Westdeutscher Rundfunk Köln (West German Broadcasting Cologne; WDR, ) is a German public-broadcasting institution based in the Federal State of North Rhine-Westphalia with its main office in Cologne. WDR is a constituent member of the consortium of German public-broadcasting institutions, ARD. As well as contributing to the output of the national television channel Das Erste, WDR produces the regional television service WDR Fernsehen (formerly known as WDF and West3) and six regional radio networks.

History

Origins
The Westdeutsche Funkstunde AG (WEFAG) was established on 15 September 1924.

There was a substantial purge of left wing staff following the Nazi seizure of power in 1933. This included Ernst Hardt, Hans Stein and Walter Stern.

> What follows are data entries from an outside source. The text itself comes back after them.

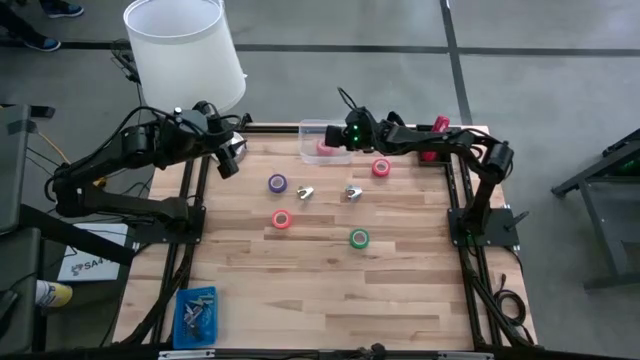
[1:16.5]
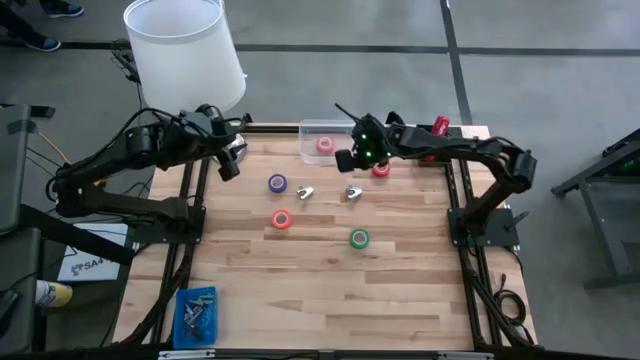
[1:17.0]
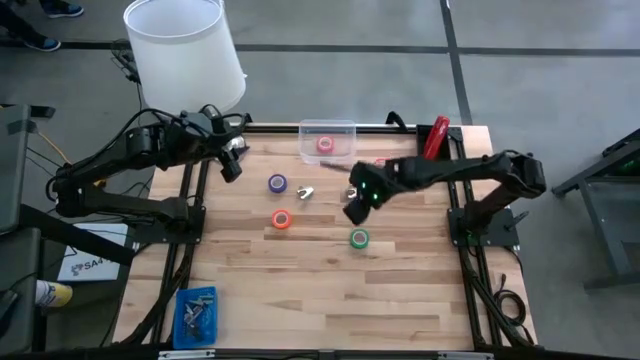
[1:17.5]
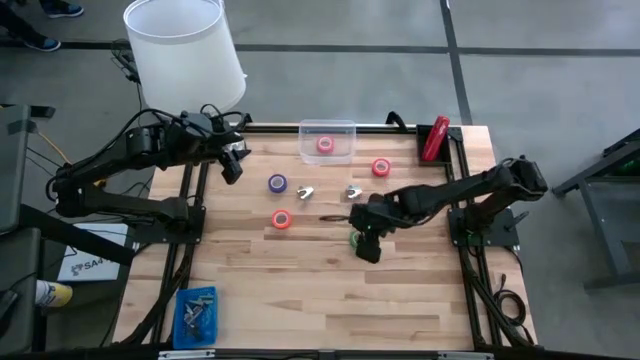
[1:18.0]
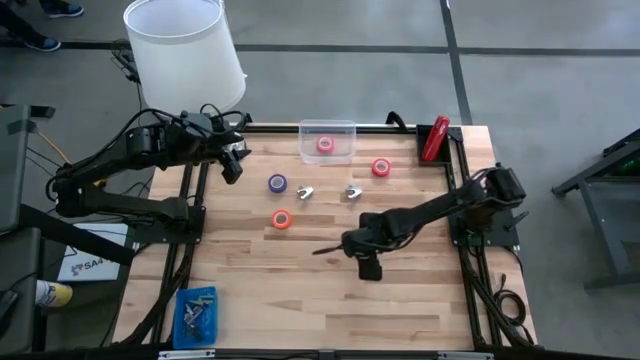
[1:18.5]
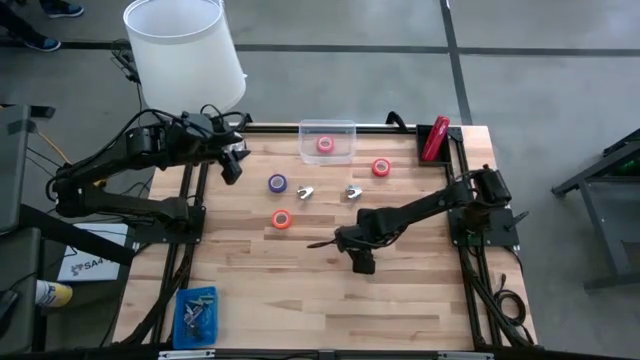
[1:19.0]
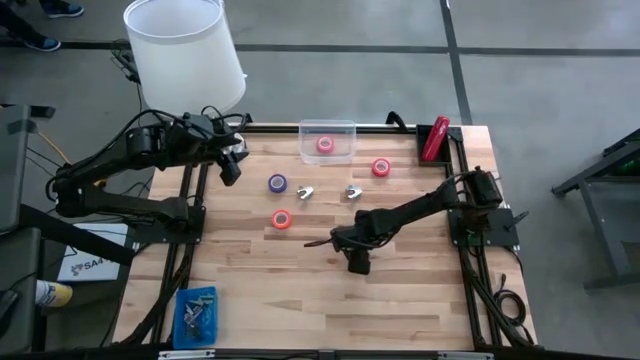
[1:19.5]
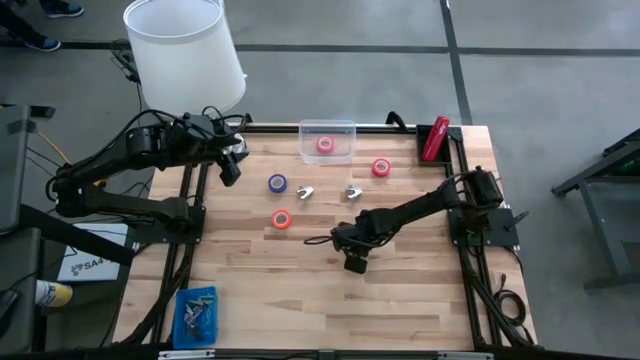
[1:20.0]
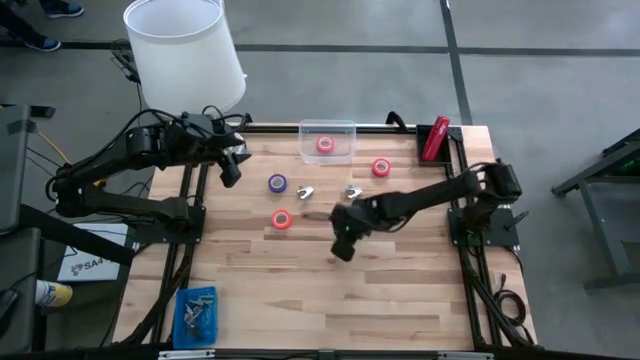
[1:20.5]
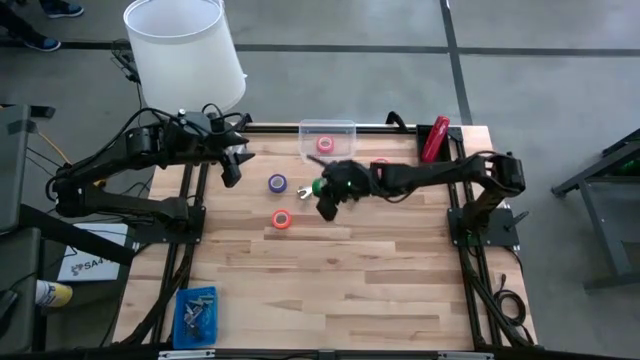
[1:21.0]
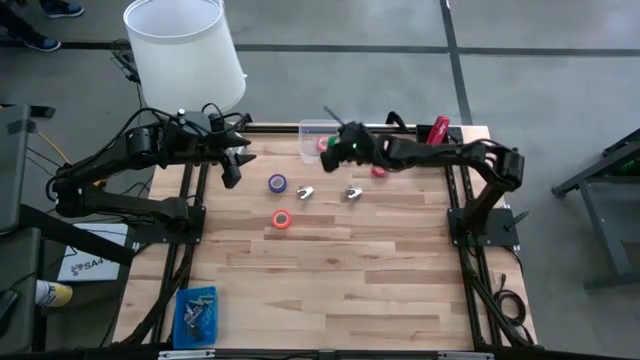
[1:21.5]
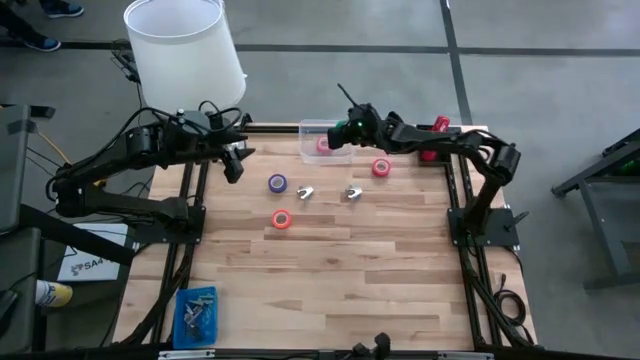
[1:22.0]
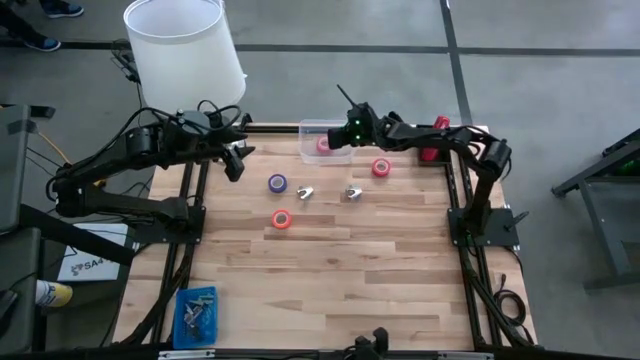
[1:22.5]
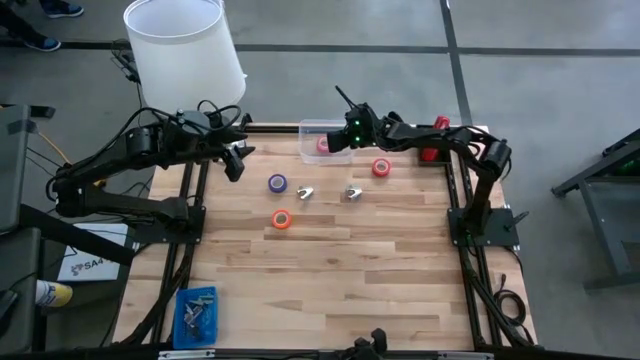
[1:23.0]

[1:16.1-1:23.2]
Put the green tape into the transparent bin

WDR was created in 1955, when Nordwestdeutscher Rundfunk (NWDR) was split into Norddeutscher Rundfunk (NDR) – covering Lower Saxony, Schleswig-Holstein, and Hamburg – and Westdeutscher Rundfunk, responsible for North Rhine-Westphalia. WDR began broadcasting on two radio networks (one produced jointly with NDR) on 1 January 1956. WDR constitutes the most prominent example of regional broadcasting in Germany.

Directors 
 1926–1933: Ernst Hardt, director general of WERAG
 1933–1937: Heinrich Glasmeier, director general of "Reichssender Köln"
 1937–1941: Anton Winkelnkemper, director general of "Reichssender Köln"
 1942–1945: closed
 1945–1947: Max Burghardt, director general of NWDR
 1947–1961: Hanns Hartmann, director general of NWDR and since 1956 of WDR
 1961–1976: Klaus von Bismarck
 1976–1985: Friedrich-Wilhelm von Sell
 1985–1995: Friedrich Nowottny
 1995–2007: Fritz Pleitgen
 2007–2013: Monika Piel
 since 1 July 2013: Tom Buhrow

Logo history

Funding
WDR is in part funded by the limited sale of on-air commercial advertising time; however, its principal source of income is the revenue derived from viewer and listener licence fees. As of 2023 the monthly fee due from each household for radio and television reception was €18.36. These fees are collected not directly by WDR but by a joint agency of ARD (and its member institutions), ZDF, and Deutschlandradio.

Television

WDR began its regional television service, Westdeutsches Fernsehen (WDF), on 17 December 1965. On 27 August 1967, when West Germany broadcast its first color TV program, WDF used a live broadcast originating from a Bosch outside broadcast van to start broadcasting in color. In 1988, the channel was renamed West 3; since 1994, it has been known as WDR Fernsehen.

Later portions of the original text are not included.